Your task is to transcribe all the entries exactly, excluding pictures.

[Information supplied — start]

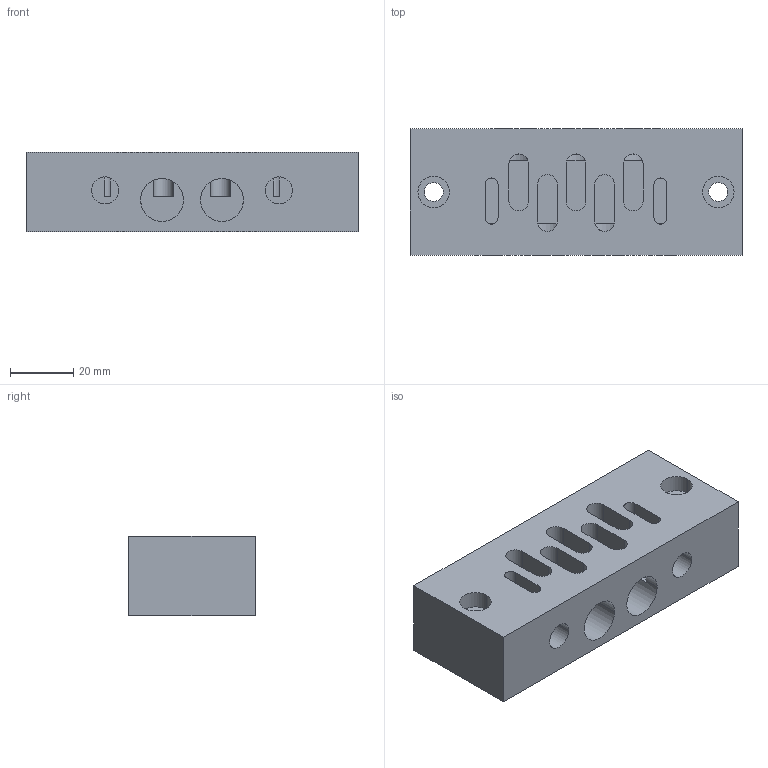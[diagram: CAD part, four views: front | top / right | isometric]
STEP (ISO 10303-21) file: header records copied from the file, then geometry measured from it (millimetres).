
FILE_DESCRIPTION((''),'2;1');
FILE_NAME('SL1.stp','2003-01-03T03:26:45',('Branislav Petkovic'),('AZ Pneumatica'),'AutoCAD STEP 2000i','AutoCAD 2000i','Via J. F. Kennedy, 26, 20020 Misinto (MI), ITALY');
FILE_SCHEMA(('CONFIG_CONTROL_DESIGN'));
Length unit declared in the file: millimetre
Products named in the file (2): SL1; PART1
Assembly tree (1 placements, depth 2):
  SL1
    PART1
Bounding box: 105 x 40 x 25 mm (x, y, z)
Surface area: 23324.1 mm2 (no closed solid volume)
Topology: 0 solids, 3 shells, 88 faces, 240 edges, 160 vertices
Faces by surface type: cylinder 44, plane 44
Entity records: 3186 total; most frequent: CARTESIAN_POINT 741, DIRECTION 507, ORIENTED_EDGE 480, EDGE_CURVE 240, AXIS2_PLACEMENT_3D 192, VERTEX_POINT 160, VECTOR 123, LINE 123

[Information supplied — finish]

Exercise response.
[diagram: CAD part, four views: front | top / right | isometric]
STEP (ISO 10303-21) file: header records copied from the file, then geometry measured from it (millimetres).
FILE_DESCRIPTION((''),'2;1');
FILE_NAME('SL1.stp','2003-01-03T03:26:45',('Branislav Petkovic'),('AZ Pneumatica'),'AutoCAD STEP 2000i','AutoCAD 2000i','Via J. F. Kennedy, 26, 20020 Misinto (MI), ITALY');
FILE_SCHEMA(('CONFIG_CONTROL_DESIGN'));
Length unit declared in the file: millimetre
Products named in the file (2): SL1; PART1
Assembly tree (1 placements, depth 2):
  SL1
    PART1
Bounding box: 105 x 40 x 25 mm (x, y, z)
Surface area: 23324.1 mm2 (no closed solid volume)
Topology: 0 solids, 3 shells, 88 faces, 240 edges, 160 vertices
Faces by surface type: cylinder 44, plane 44
Entity records: 3186 total; most frequent: CARTESIAN_POINT 741, DIRECTION 507, ORIENTED_EDGE 480, EDGE_CURVE 240, AXIS2_PLACEMENT_3D 192, VERTEX_POINT 160, VECTOR 123, LINE 123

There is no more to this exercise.